Skip the pictures, please, and write out exactly the lines from the opening of the data through the line containing "Parasitic egg type: Capillaria philippinensis".

[RECORDED DATA — start]

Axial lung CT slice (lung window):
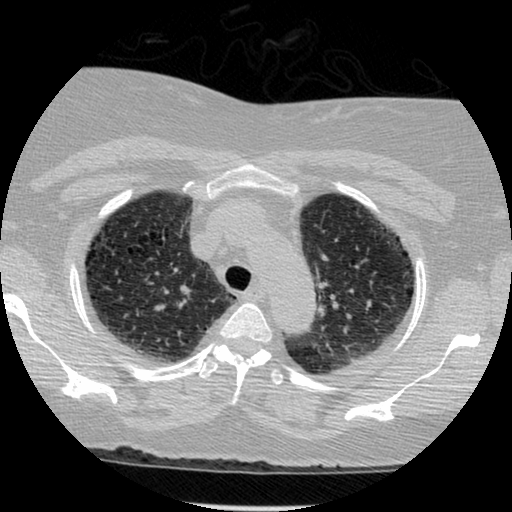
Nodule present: no
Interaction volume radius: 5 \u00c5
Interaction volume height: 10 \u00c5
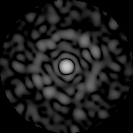
Disorder parameter: 0.8054
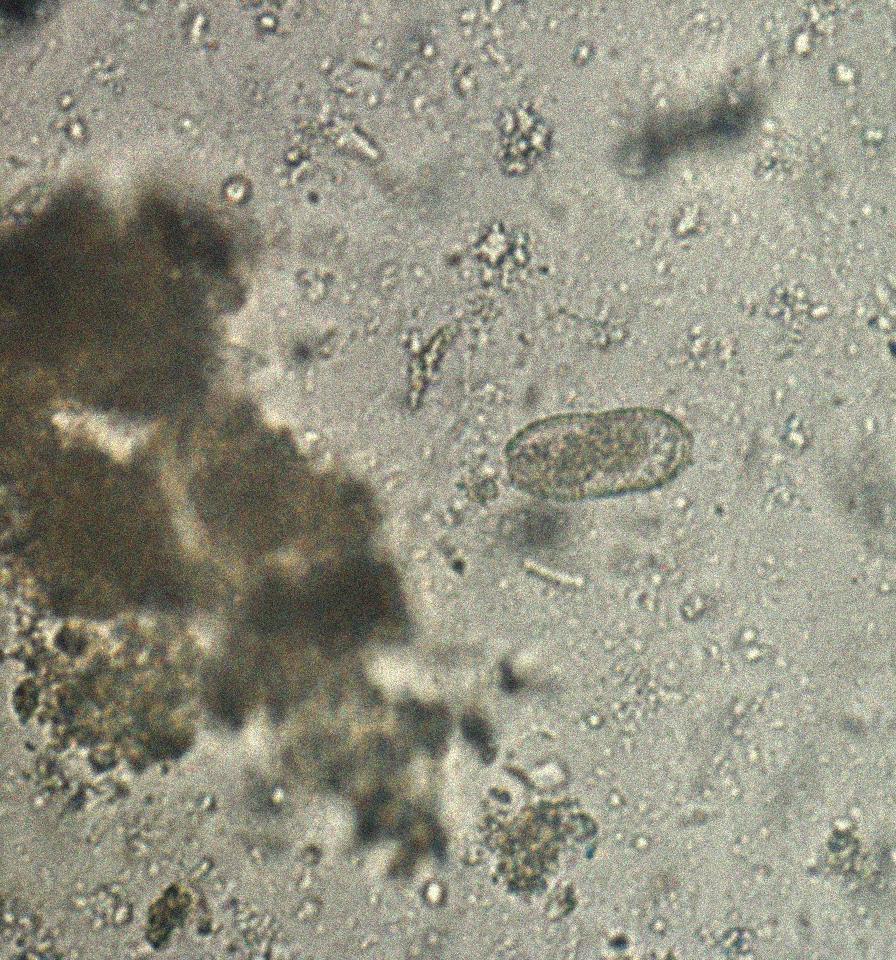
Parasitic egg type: Capillaria philippinensis
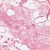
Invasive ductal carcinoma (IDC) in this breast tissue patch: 0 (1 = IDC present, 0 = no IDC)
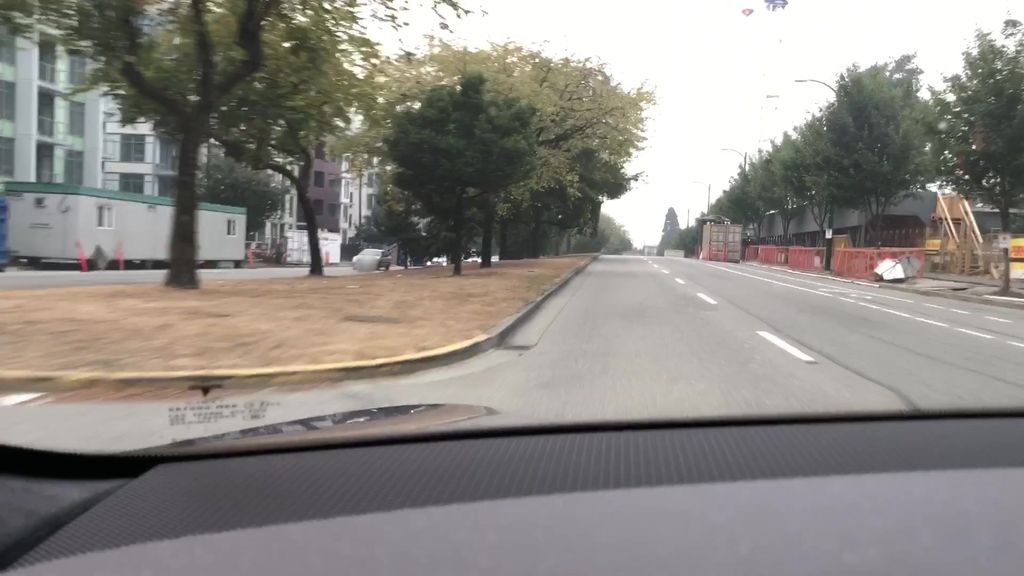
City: vancouver
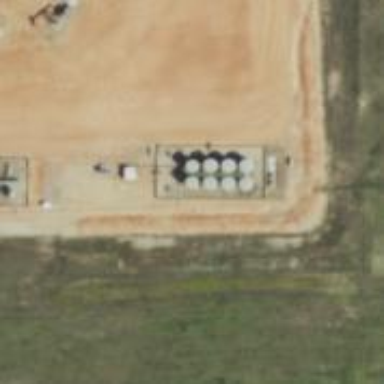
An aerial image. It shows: Storage tank with man-made structure.
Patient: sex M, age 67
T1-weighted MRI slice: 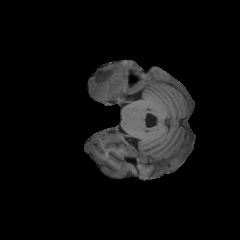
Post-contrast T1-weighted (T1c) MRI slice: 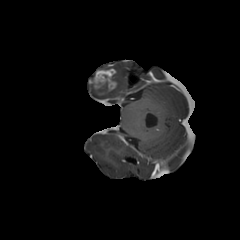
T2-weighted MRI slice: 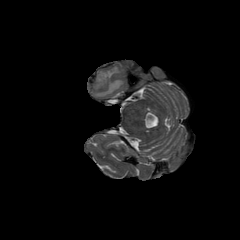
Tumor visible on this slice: yes
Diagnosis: Glioblastoma, IDH-wildtype
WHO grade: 4
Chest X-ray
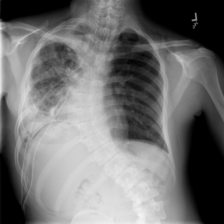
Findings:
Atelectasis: negative
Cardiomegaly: negative
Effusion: negative
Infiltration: negative
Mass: negative
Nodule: negative
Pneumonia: negative
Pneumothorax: negative
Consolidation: negative
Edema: negative
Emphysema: positive
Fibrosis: negative
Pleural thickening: negative
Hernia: negative
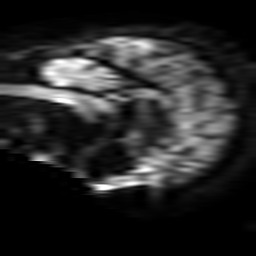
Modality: TRACE
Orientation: sagittal
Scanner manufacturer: philips
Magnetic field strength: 3 T
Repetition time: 3.08 s
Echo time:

[RECORDED DATA — finish]

- [TASK OUTPUT]
Axial lung CT slice (lung window):
Nodule present: no
Interaction volume radius: 5 \u00c5
Interaction volume height: 10 \u00c5
Disorder parameter: 0.8054
Parasitic egg type: Capillaria philippinensis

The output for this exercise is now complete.